# Supplied material:

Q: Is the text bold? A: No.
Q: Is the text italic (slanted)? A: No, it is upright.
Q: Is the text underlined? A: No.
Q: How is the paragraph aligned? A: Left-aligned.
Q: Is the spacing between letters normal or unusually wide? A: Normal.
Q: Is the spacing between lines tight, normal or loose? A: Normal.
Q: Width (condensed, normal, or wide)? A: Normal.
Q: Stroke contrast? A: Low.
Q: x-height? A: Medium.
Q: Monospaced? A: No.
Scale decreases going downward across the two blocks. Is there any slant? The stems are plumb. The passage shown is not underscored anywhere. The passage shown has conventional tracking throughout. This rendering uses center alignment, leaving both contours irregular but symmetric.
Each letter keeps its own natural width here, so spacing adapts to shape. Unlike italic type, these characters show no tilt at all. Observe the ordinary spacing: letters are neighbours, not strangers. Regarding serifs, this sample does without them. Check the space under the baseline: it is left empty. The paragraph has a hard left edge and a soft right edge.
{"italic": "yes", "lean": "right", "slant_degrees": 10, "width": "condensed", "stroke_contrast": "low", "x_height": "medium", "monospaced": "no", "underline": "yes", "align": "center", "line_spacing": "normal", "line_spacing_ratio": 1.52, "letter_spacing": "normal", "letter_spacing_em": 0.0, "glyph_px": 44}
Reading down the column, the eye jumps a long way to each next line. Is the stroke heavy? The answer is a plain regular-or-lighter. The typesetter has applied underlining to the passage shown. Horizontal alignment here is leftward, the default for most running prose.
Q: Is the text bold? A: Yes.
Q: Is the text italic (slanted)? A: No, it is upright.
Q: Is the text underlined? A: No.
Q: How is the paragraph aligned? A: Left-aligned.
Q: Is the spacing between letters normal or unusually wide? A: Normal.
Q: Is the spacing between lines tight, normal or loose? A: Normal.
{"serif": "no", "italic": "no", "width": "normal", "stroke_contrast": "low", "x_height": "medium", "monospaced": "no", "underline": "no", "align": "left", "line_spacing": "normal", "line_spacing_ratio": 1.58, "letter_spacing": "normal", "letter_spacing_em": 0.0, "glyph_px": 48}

# Task to carry out:
Write out the records again, exactly as given.

# Answer:
Q: Is the text bold? A: No.
Q: Is the text italic (slanted)? A: No, it is upright.
Q: Is the text underlined? A: No.
Q: How is the paragraph aligned? A: Left-aligned.
Q: Is the spacing between letters normal or unusually wide? A: Normal.
Q: Is the spacing between lines tight, normal or loose? A: Normal.
Q: Width (condensed, normal, or wide)? A: Normal.
Q: Stroke contrast? A: Low.
Q: x-height? A: Medium.
Q: Monospaced? A: No.
Scale decreases going downward across the two blocks. Is there any slant? The stems are plumb. The passage shown is not underscored anywhere. The passage shown has conventional tracking throughout. This rendering uses center alignment, leaving both contours irregular but symmetric.
Each letter keeps its own natural width here, so spacing adapts to shape. Unlike italic type, these characters show no tilt at all. Observe the ordinary spacing: letters are neighbours, not strangers. Regarding serifs, this sample does without them. Check the space under the baseline: it is left empty. The paragraph has a hard left edge and a soft right edge.
{"italic": "yes", "lean": "right", "slant_degrees": 10, "width": "condensed", "stroke_contrast": "low", "x_height": "medium", "monospaced": "no", "underline": "yes", "align": "center", "line_spacing": "normal", "line_spacing_ratio": 1.52, "letter_spacing": "normal", "letter_spacing_em": 0.0, "glyph_px": 44}
Reading down the column, the eye jumps a long way to each next line. Is the stroke heavy? The answer is a plain regular-or-lighter. The typesetter has applied underlining to the passage shown. Horizontal alignment here is leftward, the default for most running prose.
Q: Is the text bold? A: Yes.
Q: Is the text italic (slanted)? A: No, it is upright.
Q: Is the text underlined? A: No.
Q: How is the paragraph aligned? A: Left-aligned.
Q: Is the spacing between letters normal or unusually wide? A: Normal.
Q: Is the spacing between lines tight, normal or loose? A: Normal.
{"serif": "no", "italic": "no", "width": "normal", "stroke_contrast": "low", "x_height": "medium", "monospaced": "no", "underline": "no", "align": "left", "line_spacing": "normal", "line_spacing_ratio": 1.58, "letter_spacing": "normal", "letter_spacing_em": 0.0, "glyph_px": 48}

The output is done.